Every year about this time, I pore through the Hot List looking for a new putter. I have one in mind this year, but if it's like the past 32 years, I'll stick with the very odd-shape putter pictured on this page that I started using in 1985. I've gone through eight of them, and I have eight more identical ones in a box in my garage, which should get me to the finish line. There's a story here, of course.
In the early 1980s, Dave Pelz was working on a research project with tour pros and serious amateurs who uniformly mis-aimed right or left of their putting line, forcing a correction during the stroke. For example, Lee Trevino aimed left and pushed his putts (pretty successfully). Most golfers aim poorly and can't compensate, which led Pelz to search for a more effective aiming device or design for the putterhead.
A professor at the University of Maryland told Pelz that no lines or square edges or clubhead shapes actually aided in aiming as long as there was a ball on the ground being aimed. Golfers naturally aimed the ball, not the putterhead. Pelz said his testing with Jim Simons, Andy North, Tom Kite and others corroborated this finding.
"If you took the ball away, you'd aim the putter better," Pelz said. "Once the ball is in front, the mind is moving from the ball to the hole, and the putterhead becomes a blob in your subconscious."
This gave Pelz the idea of designing a putter resembling a line of multiple golf balls: the more balls, the easier to line up. Pelz said he mounted six balls in a row, and "wow, did the guys aim it better!" He even mounted 10 and 12 balls in a row with improved results, but they were too unwieldy to swing. He settled back on three plastic balls, which he patented and brought to market in two variations.
One model had a short face of about two inches and a long fin behind the balls; a second model had a long face and a short fin in back (above). D.A. Weibring won the 1985 New Zealand Open using the short-face putter, and several other pros put that model in play.
The USGA moved swiftly. The first model with the short face was judged to violate the rule that a putter must be longer from heel to toe than from front to back. Some argued that the heel-to-toe measurement doesn't necessarily mean the front of the putter, but could apply to the longer back fin. "I had fun cross-examining Weibring and [Lon] Hinkle about where to find the heel and the toe of a golf club," recalls Lee Abrams, the USGA's counsel at the time.

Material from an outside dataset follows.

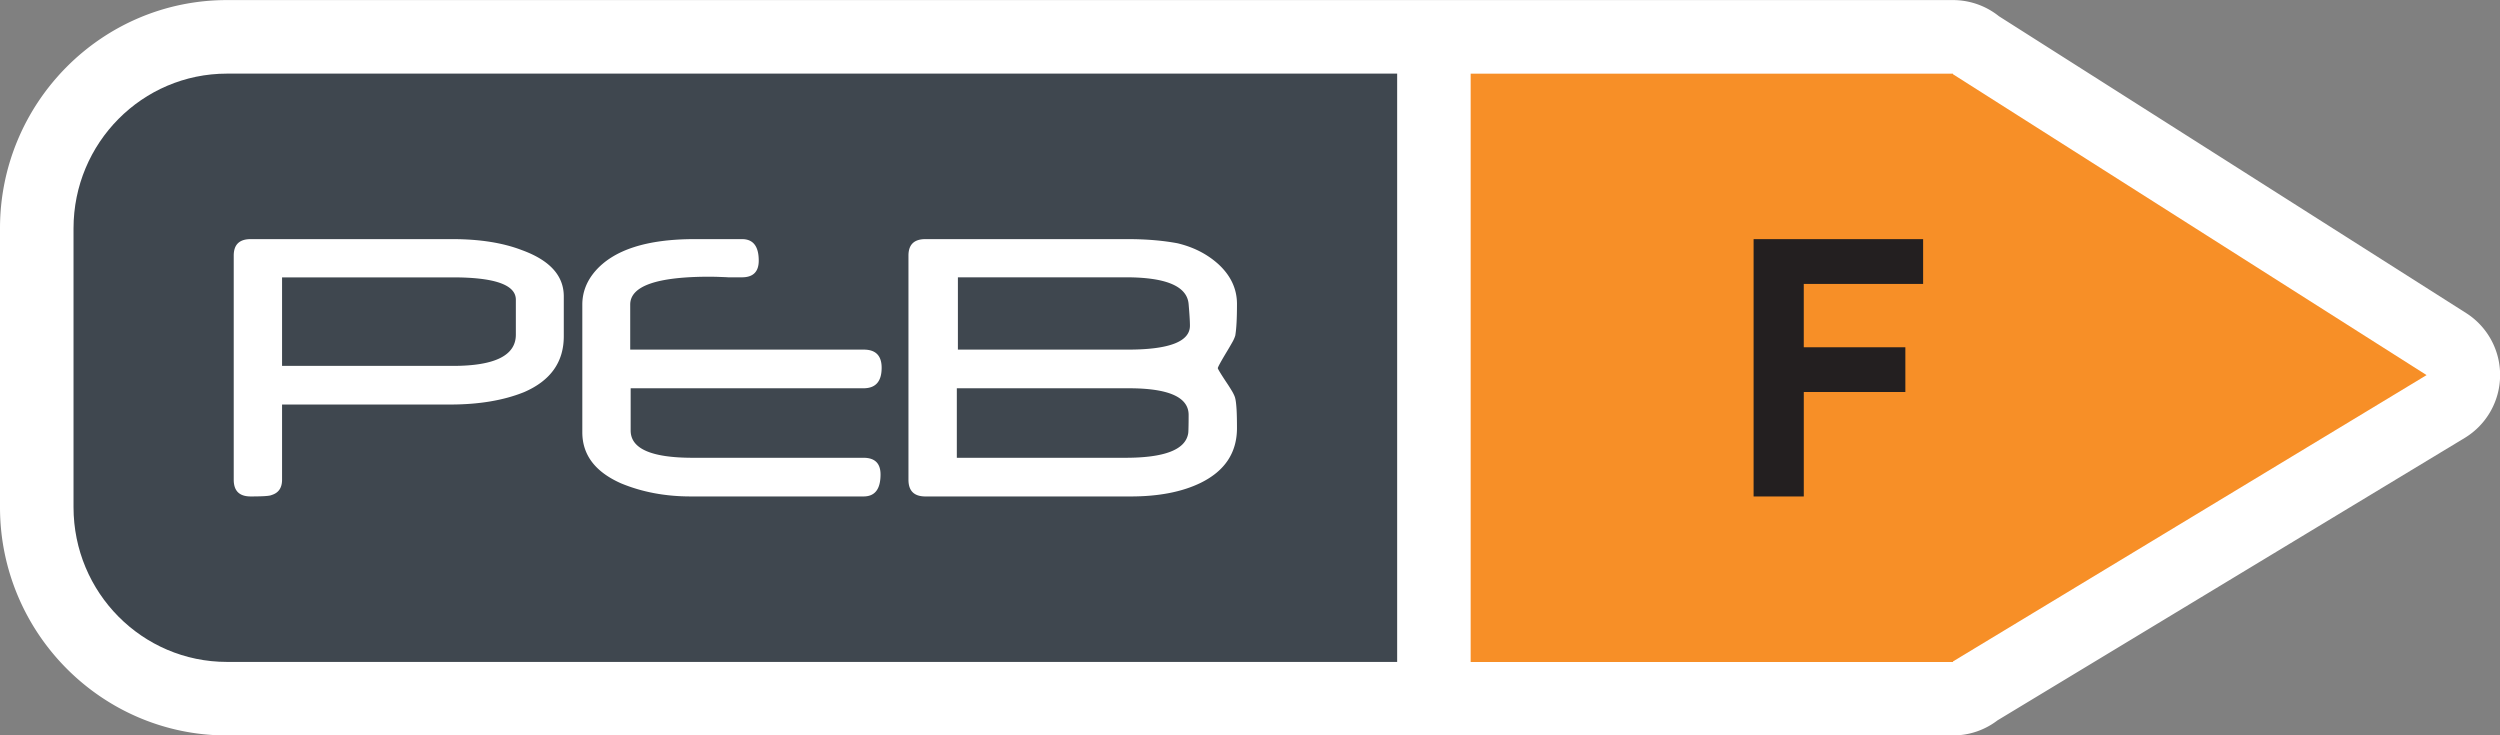 <svg xmlns="http://www.w3.org/2000/svg" viewBox="0 0 128.493 37.8" height="37.8" width="128.493"><rect x="0" y="0" width="128.493" height="37.8" fill="#808080" stroke="none"/><path d="M126.745 16.086L102.74.834a3.78 3.78 0 00-2.365-.83h-88.71C5.233.003 0 5.268 0 11.74v14.326C0 32.534 5.233 37.8 11.665 37.8h88.71c.85 0 1.649-.284 2.292-.776l24.008-14.513a3.776 3.776 0 001.823-3.193 3.773 3.773 0 00-1.753-3.232" fill="#fff"/><path d="M100.375 3.787H75.588v30.237h24.787c.003-.01.006-.018.008-.031l24.336-14.714-24.34-15.463c0-.01-.004-.021-.004-.03" fill="#f78f27"/><path d="M11.665 3.784c-4.355 0-7.886 3.563-7.886 7.956v14.326c0 4.393 3.53 7.955 7.886 7.955H71.81V3.784H11.665" fill="#3f474f"/><path d="M28.977 17.284c0 1.326-.68 2.282-2.04 2.87-1.052.425-2.32.638-3.806.638h-8.634v3.865c0 .414-.178.677-.538.786-.095.05-.454.073-1.074.073-.582 0-.872-.284-.872-.86v-11.52c0-.563.29-.846.872-.846h10.36c1.402 0 2.592.187 3.57.562 1.442.523 2.162 1.315 2.162 2.38v2.052m-2.464-.083v-1.797c0-.765-1.082-1.148-3.247-1.148h-8.769v4.55h8.78c2.158 0 3.236-.535 3.236-1.605m18.801 1.703c0 .703-.31 1.052-.93 1.052h-11.97v2.172c0 .935 1.064 1.401 3.192 1.401h8.778c.582 0 .873.287.873.857 0 .755-.29 1.13-.873 1.13h-8.89c-1.3 0-2.491-.224-3.572-.672-1.33-.588-1.993-1.463-1.993-2.627v-6.563c0-.627.22-1.2.66-1.713.955-1.102 2.66-1.651 5.117-1.651h2.43c.575 0 .861.37.861 1.106 0 .57-.286.857-.862.857h-.705l-.133-.008-.482-.018c-.135-.002-.247-.005-.337-.005-2.725 0-4.087.48-4.087 1.432v2.315h12.005c.612 0 .918.31.918.935m18.263 3.094c0 1.266-.619 2.203-1.858 2.815-.956.469-2.158.703-3.605.703h-10.55c-.581 0-.872-.284-.872-.86v-11.52c0-.565.29-.846.872-.846h10.405c.932 0 1.783.07 2.55.213.83.198 1.53.557 2.106 1.078.634.586.952 1.268.952 2.042 0 .752-.03 1.294-.089 1.63a1.66 1.66 0 01-.144.326c-.085.15-.195.343-.337.575-.276.464-.415.719-.415.77 0 .035.139.267.415.686.142.208.252.387.337.53.08.146.129.258.144.337.03.117.051.3.067.55.015.25.022.572.022.97m-2.485-.671c0-.915-1.028-1.37-3.084-1.37h-8.83v3.573h8.663c2.01 0 3.088-.414 3.228-1.25.008-.044.013-.143.016-.302.005-.159.007-.378.007-.651zm.067-4.586c0-.237-.024-.607-.067-1.107-.074-.919-1.15-1.38-3.227-1.38h-8.632v3.716h8.733c2.128 0 3.193-.411 3.193-1.229" fill="#fff"/><path d="M92.709 14.594v3.253h5.221v2.301h-5.22v5.37h-2.58V12.29h8.713v2.304H92.71" fill="#231f20"/></svg>

The Pelz Big Face Putter, as it was called when submitted to the USGA, was ruled conforming, with review to come after a 10-year grace period. The late USGA senior executive director Frank Hannigan, whom I had partnered with to win his club's invitational four-ball tournament while using the long-face version, told me that someone on the executive committee said during the review: "Tarde's the only player still using it, and he can't beat anybody, so let's leave it conforming." And the USGA grandfathered it indefinitely in 1995. The heartless Royal and Ancient, which governs outside the United States and Mexico, doesn't generally grandfather equipment, so it ruled both putter models nonconforming in its jurisdiction. But that's not the end of the story.
A few years later, I played in a pro-am with Callaway's chief designer, Dick Helmstetter, and we discussed Pelz's aiming theory. A while after that, I heard Helmstetter had approached Pelz and offered him $80,000 for the patent. Pelz declined, asking for $2.50 per putter. Helmstetter declined, but the two eventually agreed on a flat $250,000.
Pelz's three-ball design became the basis for Callaway's Odyssey 2-Ball putter. It's very likely the person reading this article either uses one or did at one time. More than five million 2-Balls have been sold, ranking it with the Ping Anser (50 years old in 2017) as the all-time best-sellers. Two-Ball models won gold medals in this year's Hot List.
What I won't go into here is that a nasty lawsuit was brought against the USGA in 1986, which ended in Pelz's company going bankrupt and Pelz exiting the club business to focus on instruction. (This lawsuit and a subsequent square-grooves case played a seminal role in affirming the right of sports governing bodies to regulate equipment.) Barney Adams was a top executive in Pelz's company and went on to launch Adams Golf with a successful fairway wood called Tight Lies, which contributed to the development of hybrids. He took his company public and hired a relatively unknown executive named Chip Brewer to run Adams Golf.
In the natural symmetry of the game, Brewer now is the chief executive of Callaway Golf. And the search for a new putter goes on.